Manifestantes criticam o governo em passeata na Avenida Paulista, em São Paulo (Paulo Pinto/Fotos Públicas)
Mariana Desidério
Publicado em 24 de junho de 2015 às 06h00.
São Paulo – Os partidos políticos brasileiros não estão nos seus melhores dias. Os recentes casos de corrupção e as brigas por poder no Congresso e no Planalto têm reforçado o coro das pessoas que não acreditam mais na importância dessas agremiações para a democracia. Nos protestos, não é dfícil encontrar quem se posicione contra todas as siglas.
Mas, afinal, como seria o Brasil sem os partidos políticos? EXAME.com entrevistou especialistas para saber se a vida política do país seria viável sem essas organizações, e se de fato ficaríamos melhor sem eles.
A conclusão é que não há solução fácil.
“Não acredito que seria possível dispensarmos os partidos”, diz o cientista político Marco Antônio Teixeira, professor da FGV. Segundo ele, a descrença que essas organizações enfrentam hoje no Brasil tem muito mais a ver com as siglas brasileiras especificamente do que com o sistema político como um todo.
“Os partidos brasileiros são pouco sintonizados com a sociedade, olham mais para o seu projeto de poder do que para um projeto de sociedade. É uma falha mais dos partidos do que do sistema partidário. Qualquer democracia representativa exige a ação coletiva, que acontece através dos partidos”, afirma.
O cientista social Rafael Araújo, professor da PUC e da Fesp-SP, concorda que uma democracia sem partidos não seria viável. Segundo ele, a consequência do fim das siglas seria uma população ainda mais despolitizada.
“O fim das siglas resultaria numa ampliação ainda maior da despolitização. Imagine que qualquer um possa ser candidato, sem ter que passar por um partido. Os únicos que teriam condições de se eleger seriam aqueles com maiores condições financeiras. Haveria uma elitização da política”, prevê.
Importância dos partidos
Para saber por que não conseguiríamos viver sem essas agremiações é preciso voltar na história e entender como elas foram criadas. Araújo lembra que os partidos surgiram para garantir que a vontade do povo fosse levada em conta nas decisões do Estado.
“Como o representante vai saber a vontade da população? Através de espaços em que essa vontade é formulada, que são os partidos políticos. O partido existe para organizar essas demandas”, explica.
Contudo, na sociedade moderna, as siglas partidárias foram perdendo espaço para outros atores. Se antes o debate público ocorria principalmente nas fileiras dos partidos, hoje ele acontece através dos meios de comunicação de massa, diz o professor.
“As pessoas não valorizam os partidos porque não entendem mais como o sistema funciona. Com isso, os partidos são esvaziados e tornam-se um espaço de corrupção e banalização da sua função inicial”, conclui.

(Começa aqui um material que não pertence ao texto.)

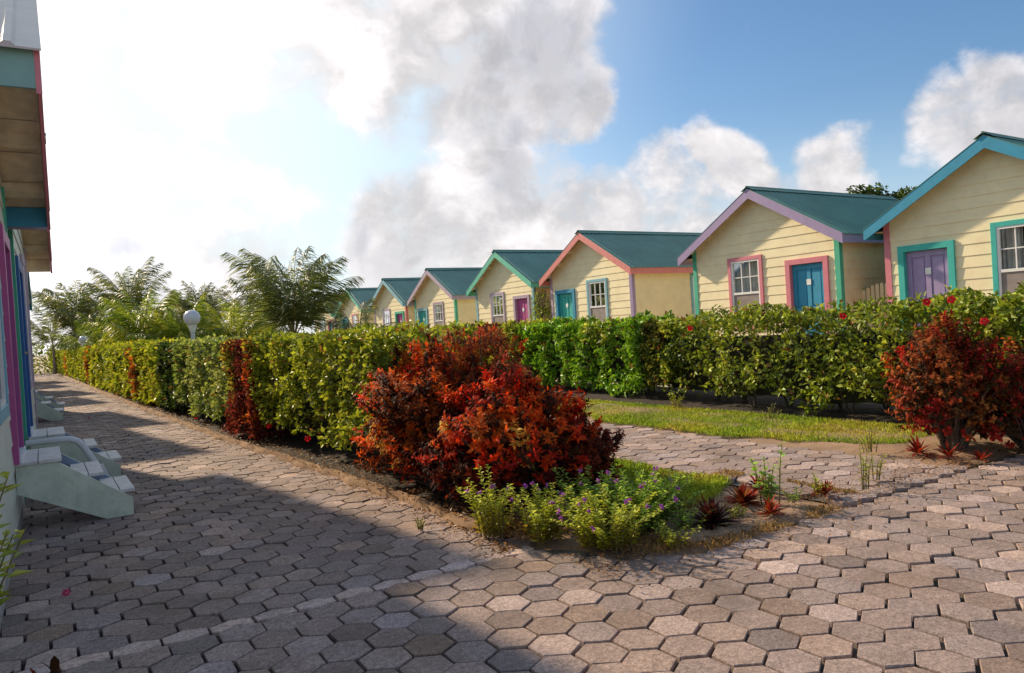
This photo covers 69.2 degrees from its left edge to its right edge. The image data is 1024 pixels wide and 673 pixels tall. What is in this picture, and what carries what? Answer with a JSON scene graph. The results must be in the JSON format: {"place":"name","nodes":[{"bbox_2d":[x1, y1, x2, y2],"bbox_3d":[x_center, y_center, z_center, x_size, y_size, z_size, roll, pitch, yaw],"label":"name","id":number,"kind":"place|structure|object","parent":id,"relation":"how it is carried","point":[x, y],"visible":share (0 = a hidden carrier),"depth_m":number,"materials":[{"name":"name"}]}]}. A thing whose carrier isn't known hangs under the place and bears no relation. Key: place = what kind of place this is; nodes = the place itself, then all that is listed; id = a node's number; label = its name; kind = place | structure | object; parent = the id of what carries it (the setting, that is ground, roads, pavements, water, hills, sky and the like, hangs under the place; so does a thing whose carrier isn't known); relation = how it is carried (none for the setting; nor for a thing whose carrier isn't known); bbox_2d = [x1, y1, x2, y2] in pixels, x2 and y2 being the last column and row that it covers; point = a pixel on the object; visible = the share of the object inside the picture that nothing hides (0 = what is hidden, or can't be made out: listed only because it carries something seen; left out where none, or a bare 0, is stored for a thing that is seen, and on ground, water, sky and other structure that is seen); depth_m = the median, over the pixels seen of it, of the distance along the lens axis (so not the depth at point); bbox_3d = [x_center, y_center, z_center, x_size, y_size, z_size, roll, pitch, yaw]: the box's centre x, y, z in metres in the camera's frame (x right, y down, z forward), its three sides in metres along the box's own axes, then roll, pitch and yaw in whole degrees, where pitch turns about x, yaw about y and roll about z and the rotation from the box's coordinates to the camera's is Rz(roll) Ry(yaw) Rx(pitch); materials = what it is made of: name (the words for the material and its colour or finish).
{"place":"outdoors","nodes":[
{"label":"outdoors","id":0,"kind":"place"},
{"bbox_2d":[0,371,574,672],"bbox_3d":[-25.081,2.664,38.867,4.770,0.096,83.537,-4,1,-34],"label":"paved path","id":1,"kind":"structure","parent":0,"point":[335,538],"depth_m":6.01,"materials":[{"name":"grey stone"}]},
{"bbox_2d":[36,398,63,420],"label":"door steps","id":2,"kind":"structure","parent":1,"relation":"on","point":[46,410],"depth_m":18.09,"materials":[{"name":"paint"}]},
{"bbox_2d":[35,390,64,412],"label":"door steps","id":3,"kind":"structure","parent":1,"relation":"on","point":[42,397],"depth_m":20.29,"materials":[{"name":"paint"}]},
{"bbox_2d":[25,436,108,475],"bbox_3d":[-5.078,1.496,8.528,0.825,0.714,0.149,-4,1,-32],"label":"drain pipe","id":4,"kind":"object","parent":1,"relation":"on","point":[84,448],"visible":0.56,"depth_m":8.51,"materials":[{"name":"white plastic"}]},
{"bbox_2d":[15,446,134,518],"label":"door steps","id":5,"kind":"structure","parent":1,"relation":"on","point":[53,475],"depth_m":7.14,"materials":[{"name":"paint"}]},
{"bbox_2d":[29,426,121,476],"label":"door steps","id":6,"kind":"structure","parent":1,"relation":"on","point":[107,459],"depth_m":9.39,"materials":[{"name":"paint"}]},
{"bbox_2d":[49,370,504,536],"bbox_3d":[-23.406,2.484,40.169,0.418,0.080,83.038,-4,1,-34],"label":"path edge","id":7,"kind":"object","parent":1,"relation":"on","point":[352,480],"visible":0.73,"depth_m":8.51,"materials":[{"name":"grey concrete"}]},
{"bbox_2d":[456,464,527,538],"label":"flowering plant","id":8,"kind":"object","parent":1,"relation":"on","point":[496,517],"visible":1,"depth_m":5.76,"materials":[{"name":"green plant"}]},
{"bbox_2d":[19,455,1023,672],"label":"paved crossing","id":9,"kind":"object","parent":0,"point":[511,607],"visible":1,"depth_m":4.16,"materials":[{"name":"grey stone"}]},
{"bbox_2d":[0,471,34,616],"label":"leafy shrub","id":10,"kind":"object","parent":9,"relation":"on","point":[6,533],"visible":1,"depth_m":2.55,"materials":[{"name":"green plant"}]},
{"bbox_2d":[10,656,65,672],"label":"croton shrub","id":11,"kind":"object","parent":9,"relation":"on","point":[54,667],"visible":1,"depth_m":2.75,"materials":[{"name":"red plant"}]},
{"bbox_2d":[547,442,1023,591],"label":"leaf litter","id":12,"kind":"object","parent":9,"relation":"on","point":[795,514],"visible":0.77,"depth_m":5.97,"materials":[{"name":"brown plant"}]},
{"bbox_2d":[29,0,1023,355],"label":"sky","id":13,"kind":"structure","parent":0,"point":[391,138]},
{"bbox_2d":[33,355,1020,503],"bbox_3d":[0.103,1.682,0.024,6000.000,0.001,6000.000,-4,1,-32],"label":"ground","id":14,"kind":"structure","parent":0,"point":[556,380],"depth_m":7.86,"materials":[{"name":"brown soil"}]},
{"bbox_2d":[0,0,50,625],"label":"cottage","id":15,"kind":"structure","parent":14,"relation":"on","point":[24,195],"depth_m":6.97,"materials":[{"name":"beige paint"}]},
{"bbox_2d":[0,280,9,425],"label":"window","id":16,"kind":"structure","parent":15,"relation":"in","point":[4,394],"depth_m":6.04,"materials":[{"name":"blue paint"}]},
{"bbox_2d":[0,223,25,464],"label":"door","id":17,"kind":"structure","parent":15,"relation":"in","point":[18,448],"depth_m":6.79,"materials":[{"name":"blue paint"}]},
{"bbox_2d":[7,133,52,449],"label":"cottage","id":18,"kind":"structure","parent":14,"relation":"on","point":[30,249],"depth_m":9.90,"materials":[{"name":"beige paint"}]},
{"bbox_2d":[15,255,34,437],"bbox_3d":[-6.291,0.137,9.450,0.200,2.210,1.200,-4,1,-31],"label":"door","id":19,"kind":"structure","parent":18,"relation":"in","point":[19,273],"depth_m":9.00,"materials":[{"name":"blue paint"}]},
{"bbox_2d":[19,254,33,388],"bbox_3d":[-7.267,-0.201,11.054,0.095,1.940,1.130,-4,1,-31],"label":"window","id":20,"kind":"structure","parent":18,"relation":"in","point":[22,261],"depth_m":11.42,"materials":[{"name":"purple paint"}]},
{"bbox_2d":[30,304,84,373],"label":"palm tree","id":21,"kind":"object","parent":14,"relation":"on","point":[47,338],"visible":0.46,"depth_m":60.82,"materials":[{"name":"green plant"}]},
{"bbox_2d":[32,338,89,373],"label":"bush","id":22,"kind":"object","parent":14,"relation":"on","point":[50,358],"visible":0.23,"depth_m":63.93,"materials":[{"name":"green plant"}]},
{"bbox_2d":[31,279,122,346],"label":"palm tree","id":23,"kind":"object","parent":14,"relation":"on","point":[61,311],"visible":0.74,"depth_m":50.93,"materials":[{"name":"green plant"}]},
{"bbox_2d":[50,311,124,354],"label":"palm tree","id":24,"kind":"object","parent":14,"relation":"on","point":[94,340],"visible":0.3,"depth_m":43.17,"materials":[{"name":"green plant"}]},
{"bbox_2d":[60,299,149,342],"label":"palm tree","id":25,"kind":"object","parent":14,"relation":"on","point":[91,316],"visible":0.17,"depth_m":49.96,"materials":[{"name":"green plant"}]},
{"bbox_2d":[85,257,172,326],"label":"palm tree","id":26,"kind":"object","parent":14,"relation":"on","point":[137,284],"visible":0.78,"depth_m":40.67,"materials":[{"name":"green plant"}]},
{"bbox_2d":[82,286,197,344],"bbox_3d":[-16.453,-0.070,33.383,5.021,4.611,5.490,-4,1,-32],"label":"palm tree","id":27,"kind":"object","parent":14,"relation":"on","point":[118,323],"visible":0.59,"depth_m":32.57,"materials":[{"name":"green plant"}]},
{"bbox_2d":[125,292,241,341],"bbox_3d":[-14.041,0.091,31.965,4.821,4.037,4.062,-4,1,-32],"label":"palm tree","id":28,"kind":"object","parent":14,"relation":"on","point":[176,325],"visible":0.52,"depth_m":31.55,"materials":[{"name":"green plant"}]},
{"bbox_2d":[163,281,241,326],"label":"palm tree","id":29,"kind":"object","parent":14,"relation":"on","point":[183,305],"visible":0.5,"depth_m":43.60,"materials":[{"name":"green plant"}]},
{"bbox_2d":[199,297,285,339],"bbox_3d":[-12.694,0.102,34.542,4.693,3.780,4.954,-3,1,17],"label":"palm tree","id":30,"kind":"object","parent":14,"relation":"on","point":[239,326],"visible":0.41,"depth_m":34.02,"materials":[{"name":"green plant"}]},
{"bbox_2d":[218,298,289,336],"bbox_3d":[-13.545,-0.136,38.936,4.485,4.232,5.091,-4,1,-12],"label":"palm tree","id":31,"kind":"object","parent":14,"relation":"on","point":[228,308],"visible":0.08,"depth_m":37.99,"materials":[{"name":"green plant"}]},
{"bbox_2d":[220,245,364,334],"bbox_3d":[-8.873,-1.112,30.941,5.832,5.828,6.379,-4,1,-32],"label":"palm tree","id":32,"kind":"object","parent":14,"relation":"on","point":[302,299],"visible":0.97,"depth_m":30.39,"materials":[{"name":"green plant"}]},
{"bbox_2d":[58,372,578,523],"bbox_3d":[-23.237,2.428,41.644,3.921,0.119,84.700,-4,1,-32],"label":"soil bed","id":33,"kind":"object","parent":14,"relation":"on","point":[313,447],"visible":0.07,"depth_m":9.83,"materials":[{"name":"brown soil"}]},
{"bbox_2d":[48,336,203,410],"bbox_3d":[-26.602,1.668,46.306,2.102,2.230,65.840,-4,1,-34],"label":"hedge","id":34,"kind":"object","parent":33,"relation":"on","point":[128,369],"visible":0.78,"depth_m":25.12,"materials":[{"name":"green plant"}]},
{"bbox_2d":[183,310,201,417],"bbox_3d":[-7.004,0.649,16.391,0.356,2.478,0.356,-4,1,-32],"label":"garden lamp","id":35,"kind":"object","parent":33,"relation":"on","point":[191,318],"visible":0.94,"depth_m":16.29,"materials":[{"name":"paint"}]},
{"bbox_2d":[170,332,297,421],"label":"hedge","id":36,"kind":"object","parent":33,"relation":"on","point":[198,359],"visible":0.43,"depth_m":14.86,"materials":[{"name":"green plant"}]},
{"bbox_2d":[218,331,308,440],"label":"croton hedge","id":37,"kind":"object","parent":33,"relation":"on","point":[237,405],"visible":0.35,"depth_m":12.19,"materials":[{"name":"red plant"}]},
{"bbox_2d":[89,386,606,556],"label":"fallen leaves","id":38,"kind":"object","parent":33,"relation":"on","point":[518,533],"visible":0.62,"depth_m":7.52,"materials":[{"name":"brown plant"}]},
{"bbox_2d":[246,319,484,457],"bbox_3d":[-2.182,0.708,10.327,1.959,1.900,4.712,-4,1,-32],"label":"hedge","id":39,"kind":"object","parent":33,"relation":"on","point":[319,387],"visible":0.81,"depth_m":9.57,"materials":[{"name":"green plant"}]},
{"bbox_2d":[349,332,504,482],"bbox_3d":[-0.910,0.785,7.860,1.628,1.675,1.712,-3,1,10],"label":"croton shrub","id":40,"kind":"object","parent":33,"relation":"on","point":[418,390],"visible":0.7,"depth_m":7.46,"materials":[{"name":"red plant"}]},
{"bbox_2d":[315,294,340,332],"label":"cottage","id":41,"kind":"structure","parent":14,"relation":"on","point":[331,325],"depth_m":54.56,"materials":[{"name":"beige paint"}]},
{"bbox_2d":[335,287,377,328],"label":"cottage","id":42,"kind":"structure","parent":14,"relation":"on","point":[361,296],"depth_m":50.12,"materials":[{"name":"beige paint"}]},
{"bbox_2d":[323,297,405,329],"bbox_3d":[-5.268,0.098,27.316,3.576,3.080,3.245,-4,1,-32],"label":"palm tree","id":43,"kind":"object","parent":14,"relation":"on","point":[365,319],"visible":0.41,"depth_m":27.12,"materials":[{"name":"green plant"}]},
{"bbox_2d":[369,277,420,327],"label":"cottage","id":44,"kind":"structure","parent":14,"relation":"on","point":[391,296],"depth_m":42.97,"materials":[{"name":"beige paint"}]},
{"bbox_2d":[407,267,481,327],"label":"cottage","id":45,"kind":"structure","parent":14,"relation":"on","point":[438,296],"depth_m":37.77,"materials":[{"name":"beige paint"}]},
{"bbox_2d":[417,308,428,325],"bbox_3d":[-4.654,-0.390,39.409,0.200,2.210,1.200,-4,1,-32],"label":"door","id":46,"kind":"structure","parent":45,"relation":"in","point":[422,314],"depth_m":39.45,"materials":[{"name":"teal paint"}]},
{"bbox_2d":[433,301,444,325],"bbox_3d":[-3.698,-0.802,37.812,0.095,1.940,1.130,-4,1,-32],"label":"window","id":47,"kind":"structure","parent":45,"relation":"in","point":[438,309],"depth_m":37.84,"materials":[{"name":"purple paint"}]},
{"bbox_2d":[466,250,562,323],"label":"cottage","id":48,"kind":"structure","parent":14,"relation":"on","point":[503,285],"depth_m":31.06,"materials":[{"name":"beige paint"}]},
{"bbox_2d":[490,292,505,323],"bbox_3d":[-0.566,-0.906,31.639,0.095,1.940,1.130,-4,1,-32],"label":"window","id":49,"kind":"structure","parent":48,"relation":"in","point":[497,302],"depth_m":31.66,"materials":[{"name":"purple paint"}]},
{"bbox_2d":[513,294,530,322],"bbox_3d":[0.483,-0.573,30.081,0.200,2.210,1.200,-4,1,-32],"label":"door","id":50,"kind":"structure","parent":48,"relation":"in","point":[521,303],"depth_m":30.17,"materials":[{"name":"paint"}]},
{"bbox_2d":[527,289,551,320],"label":"climbing shrub","id":51,"kind":"object","parent":14,"relation":"on","point":[540,310],"visible":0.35,"depth_m":28.87,"materials":[{"name":"green plant"}]},
{"bbox_2d":[539,230,700,336],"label":"cottage","id":52,"kind":"structure","parent":14,"relation":"on","point":[602,275],"depth_m":25.82,"materials":[{"name":"beige paint"}]},
{"bbox_2d":[555,289,576,319],"bbox_3d":[2.070,-0.635,27.583,0.200,2.210,1.200,-4,1,-32],"label":"door","id":53,"kind":"structure","parent":52,"relation":"in","point":[565,300],"depth_m":27.62,"materials":[{"name":"teal paint"}]},
{"bbox_2d":[586,278,608,321],"bbox_3d":[3.027,-1.047,25.985,0.095,1.940,1.130,-4,1,-32],"label":"window","id":54,"kind":"structure","parent":52,"relation":"in","point":[596,289],"depth_m":25.98,"materials":[{"name":"blue paint"}]},
{"bbox_2d":[690,273,695,316],"bbox_3d":[6.730,-1.278,26.203,1.130,1.940,0.095,-4,1,-32],"label":"window","id":55,"kind":"structure","parent":52,"relation":"in","point":[691,274],"depth_m":25.88,"materials":[{"name":"blue paint"}]},
{"bbox_2d":[505,475,838,558],"bbox_3d":[-0.664,1.550,8.819,2.939,0.090,8.340,-4,1,-32],"label":"sandy bed","id":56,"kind":"object","parent":14,"relation":"on","point":[568,540],"visible":0.08,"depth_m":5.65,"materials":[{"name":"brown soil"}]},
{"bbox_2d":[387,414,534,511],"bbox_3d":[-0.586,1.137,7.269,1.041,0.959,2.717,-4,1,-32],"label":"croton shrub","id":57,"kind":"object","parent":56,"relation":"on","point":[457,476],"visible":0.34,"depth_m":6.73,"materials":[{"name":"red plant"}]},
{"bbox_2d":[413,321,544,447],"bbox_3d":[-0.396,0.708,8.071,1.486,1.758,1.804,-4,1,-15],"label":"croton shrub","id":58,"kind":"object","parent":56,"relation":"on","point":[498,352],"visible":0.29,"depth_m":7.80,"materials":[{"name":"red plant"}]},
{"bbox_2d":[411,351,607,501],"bbox_3d":[0.015,0.857,6.989,1.583,1.450,1.930,-3,1,29],"label":"croton shrub","id":59,"kind":"object","parent":56,"relation":"on","point":[507,412],"visible":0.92,"depth_m":6.61,"materials":[{"name":"red plant"}]},
{"bbox_2d":[506,481,581,545],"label":"flowering plant","id":60,"kind":"object","parent":56,"relation":"on","point":[541,523],"visible":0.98,"depth_m":5.56,"materials":[{"name":"green plant"}]},
{"bbox_2d":[532,412,625,493],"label":"croton shrub","id":61,"kind":"object","parent":56,"relation":"on","point":[601,449],"visible":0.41,"depth_m":6.88,"materials":[{"name":"red plant"}]},
{"bbox_2d":[552,465,632,515],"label":"flowering plant","id":62,"kind":"object","parent":56,"relation":"on","point":[584,486],"visible":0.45,"depth_m":6.04,"materials":[{"name":"green plant"}]},
{"bbox_2d":[546,483,664,552],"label":"flowering plant","id":63,"kind":"object","parent":56,"relation":"on","point":[594,531],"visible":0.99,"depth_m":5.26,"materials":[{"name":"green plant"}]},
{"bbox_2d":[586,466,685,534],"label":"flowering plant","id":64,"kind":"object","parent":56,"relation":"on","point":[650,523],"visible":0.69,"depth_m":5.64,"materials":[{"name":"green plant"}]},
{"bbox_2d":[610,470,694,521],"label":"flowering plant","id":65,"kind":"object","parent":56,"relation":"on","point":[667,510],"visible":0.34,"depth_m":5.92,"materials":[{"name":"green plant"}]},
{"bbox_2d":[466,468,862,555],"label":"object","id":66,"kind":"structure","parent":56,"relation":"on","point":[715,540],"depth_m":5.48,"materials":[{"name":"brown plant"}]},
{"bbox_2d":[651,520,700,549],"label":"broadleaf weed","id":67,"kind":"object","parent":56,"relation":"on","point":[669,540],"visible":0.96,"depth_m":5.26,"materials":[{"name":"green plant"}]},
{"bbox_2d":[657,474,704,508],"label":"broadleaf weed","id":68,"kind":"object","parent":56,"relation":"on","point":[689,502],"visible":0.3,"depth_m":6.17,"materials":[{"name":"green plant"}]},
{"bbox_2d":[665,500,714,531],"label":"broadleaf weed","id":69,"kind":"object","parent":56,"relation":"on","point":[683,517],"visible":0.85,"depth_m":5.60,"materials":[{"name":"green plant"}]},
{"bbox_2d":[686,492,743,530],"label":"spiky plant","id":70,"kind":"object","parent":56,"relation":"on","point":[713,518],"visible":0.93,"depth_m":5.60,"materials":[{"name":"red plant"}]},
{"bbox_2d":[722,483,764,508],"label":"spiky plant","id":71,"kind":"object","parent":56,"relation":"on","point":[743,495],"visible":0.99,"depth_m":6.19,"materials":[{"name":"red plant"}]},
{"bbox_2d":[749,455,778,503],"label":"tall weed","id":72,"kind":"object","parent":56,"relation":"on","point":[765,485],"visible":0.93,"depth_m":6.17,"materials":[{"name":"green plant"}]},
{"bbox_2d":[752,493,787,515],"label":"spiky plant","id":73,"kind":"object","parent":56,"relation":"on","point":[769,506],"visible":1,"depth_m":5.81,"materials":[{"name":"red plant"}]},
{"bbox_2d":[775,440,785,504],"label":"tall weed","id":74,"kind":"object","parent":56,"relation":"on","point":[780,461],"visible":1,"depth_m":6.19,"materials":[{"name":"green plant"}]},
{"bbox_2d":[809,472,831,497],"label":"broadleaf weed","id":75,"kind":"object","parent":56,"relation":"on","point":[816,485],"visible":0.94,"depth_m":6.33,"materials":[{"name":"green plant"}]},
{"bbox_2d":[809,479,842,497],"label":"spiky plant","id":76,"kind":"object","parent":56,"relation":"on","point":[824,488],"visible":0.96,"depth_m":6.30,"materials":[{"name":"red plant"}]},
{"bbox_2d":[544,453,1023,672],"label":"joint sand","id":77,"kind":"structure","parent":14,"relation":"on","point":[855,650],"depth_m":4.49,"materials":[{"name":"beige sand"}]},
{"bbox_2d":[676,186,898,335],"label":"cottage","id":78,"kind":"structure","parent":14,"relation":"on","point":[795,249],"depth_m":18.95,"materials":[{"name":"beige paint"}]},
{"bbox_2d":[727,254,765,329],"bbox_3d":[6.300,-1.160,19.772,0.212,1.940,1.130,-4,1,-32],"label":"window","id":79,"kind":"structure","parent":78,"relation":"in","point":[745,274],"depth_m":19.83,"materials":[{"name":"pink paint"}]},
{"bbox_2d":[784,255,832,334],"bbox_3d":[7.300,-0.823,18.183,0.200,2.210,1.200,-4,1,-32],"label":"door","id":80,"kind":"structure","parent":78,"relation":"in","point":[807,281],"depth_m":18.20,"materials":[{"name":"blue paint"}]},
{"bbox_2d":[862,283,886,329],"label":"picket fence","id":81,"kind":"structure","parent":78,"relation":"attached to","point":[873,291],"depth_m":17.59,"materials":[{"name":"beige paint"}]},
{"bbox_2d":[846,182,916,200],"bbox_3d":[13.340,-2.575,26.634,2.664,6.036,2.650,-4,1,-32],"label":"broadleaf tree","id":82,"kind":"object","parent":14,"relation":"on","point":[870,189],"visible":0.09,"depth_m":26.54,"materials":[{"name":"green plant"}]},
{"bbox_2d":[861,131,1023,330],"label":"cottage","id":83,"kind":"structure","parent":14,"relation":"on","point":[957,221],"depth_m":15.18,"materials":[{"name":"beige paint"}]},
{"bbox_2d":[897,240,956,330],"bbox_3d":[8.953,-0.892,15.918,0.200,2.210,1.200,-4,1,-32],"label":"door","id":84,"kind":"structure","parent":83,"relation":"in","point":[926,267],"depth_m":15.94,"materials":[{"name":"purple paint"}]},
{"bbox_2d":[990,218,1023,296],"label":"window","id":85,"kind":"structure","parent":83,"relation":"in","point":[1007,247],"depth_m":14.63,"materials":[{"name":"teal paint"}]},
{"bbox_2d":[950,332,1023,452],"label":"croton shrub","id":86,"kind":"object","parent":14,"relation":"on","point":[1014,428],"visible":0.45,"depth_m":7.61,"materials":[{"name":"red plant"}]},
{"bbox_2d":[509,456,732,509],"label":"grass","id":87,"kind":"structure","parent":0,"point":[711,486],"depth_m":7.18,"materials":[{"name":"green plant"}]},
{"bbox_2d":[558,397,934,443],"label":"lawn grass","id":88,"kind":"structure","parent":0,"point":[807,425],"depth_m":10.45,"materials":[{"name":"green plant"}]},
{"bbox_2d":[547,416,967,507],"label":"paved walk","id":89,"kind":"structure","parent":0,"point":[672,450],"depth_m":7.92,"materials":[{"name":"concrete"}]},
{"bbox_2d":[858,444,873,489],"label":"tall weed","id":90,"kind":"object","parent":89,"relation":"on","point":[864,485],"visible":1,"depth_m":6.49,"materials":[{"name":"green plant"}]},
{"bbox_2d":[858,453,885,479],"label":"tall weed","id":91,"kind":"object","parent":89,"relation":"on","point":[878,471],"visible":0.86,"depth_m":6.77,"materials":[{"name":"green plant"}]},
{"bbox_2d":[524,381,1008,436],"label":"hedge soil","id":92,"kind":"structure","parent":0,"point":[864,411],"depth_m":12.77,"materials":[{"name":"brown soil"}]},
{"bbox_2d":[296,317,553,377],"bbox_3d":[-10.649,0.769,36.818,2.028,2.098,43.072,-4,1,-32],"label":"hedge","id":93,"kind":"object","parent":92,"relation":"on","point":[510,329],"visible":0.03,"depth_m":19.03,"materials":[{"name":"green plant"}]},
{"bbox_2d":[515,309,677,396],"bbox_3d":[1.854,0.387,16.858,1.736,1.858,5.027,-4,1,-30],"label":"hedge","id":94,"kind":"object","parent":92,"relation":"on","point":[569,350],"visible":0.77,"depth_m":16.05,"materials":[{"name":"green plant"}]},
{"bbox_2d":[637,314,702,396],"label":"croton hedge","id":95,"kind":"object","parent":92,"relation":"on","point":[655,340],"visible":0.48,"depth_m":14.18,"materials":[{"name":"green plant"}]},
{"bbox_2d":[656,281,1023,416],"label":"hedge","id":96,"kind":"object","parent":92,"relation":"on","point":[841,367],"visible":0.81,"depth_m":10.96,"materials":[{"name":"green plant"}]},
{"bbox_2d":[550,402,1018,467],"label":"lawn soil","id":97,"kind":"structure","parent":0,"point":[889,450],"depth_m":8.50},
{"bbox_2d":[854,427,883,452],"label":"weed","id":98,"kind":"object","parent":97,"relation":"on","point":[869,445],"visible":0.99,"depth_m":8.06,"materials":[{"name":"green plant"}]},
{"bbox_2d":[897,433,936,456],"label":"spiky plant","id":99,"kind":"object","parent":97,"relation":"on","point":[916,447],"visible":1,"depth_m":7.81,"materials":[{"name":"red plant"}]},
{"bbox_2d":[934,440,967,460],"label":"spiky plant","id":100,"kind":"object","parent":97,"relation":"on","point":[949,452],"visible":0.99,"depth_m":7.53,"materials":[{"name":"red plant"}]},
{"bbox_2d":[881,309,1023,450],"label":"croton shrub","id":101,"kind":"object","parent":97,"relation":"on","point":[944,405],"visible":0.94,"depth_m":7.72,"materials":[{"name":"red plant"}]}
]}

O professor lembra que, hoje, os partidos brasileiros cumprem a função de "ocupar a burocracia eleitoral", quando deveriam se manter como espaços de debate, realizar reuniões frequentes e dialogar com movimentos da sociedade.
O que fazer?
Se não podemos nos organizar sem os partidos, e se nossos partidos estão esvaziados, o que pode ser feito para melhorar a situação?
Na visão de Marco Antônio Teixeira, da FGV, seria necessário fazer uma reforma política mais profunda. Um dos principais problemas, segundo ele, é o número excessivo de siglas no país.
“Temos quase 40 partidos. Dessa forma não é possível estabelecer as diferenças entre eles. Precisamos de uma reforma que permita garantir a identidade coletiva”, defende.
Teixeira também chama a atenção para um fenômeno tipicamente brasileiro: as siglas de uma liderança só. “Tem partidos que, se você tirar a liderança, não sobra quase nada. [O ex-prefeito] Gilberto Kassab, por exemplo, criou o PSD e já quer lançar outra sigla. Isso não é saudável para a democracia”, afirma.
Já Rafael Araújo, da PUC, afirma que o esvaziamento dos partidos interessa aos políticos mal intencionados, que não veem problema na situação ficar como está. “É obvio que esses políticos têm interesse na alienação. Isso cria as condições de dominação em que os interesses da minoria se impõem em relação à maioria”, afirma.
Araújo defende que a única forma de mudar realmente esse quadro é a politização da população. “É preciso investir na educação da população, em espaços de discussão política. As pessoas precisam se interessar pela coisa pública”, diz.
Ou seja, se a população está insatisfeita com os partidos e quer que eles voltem a cumprir sua função, cabe a ela mesma mudar este quadro. A questão agora é: por onde começamos?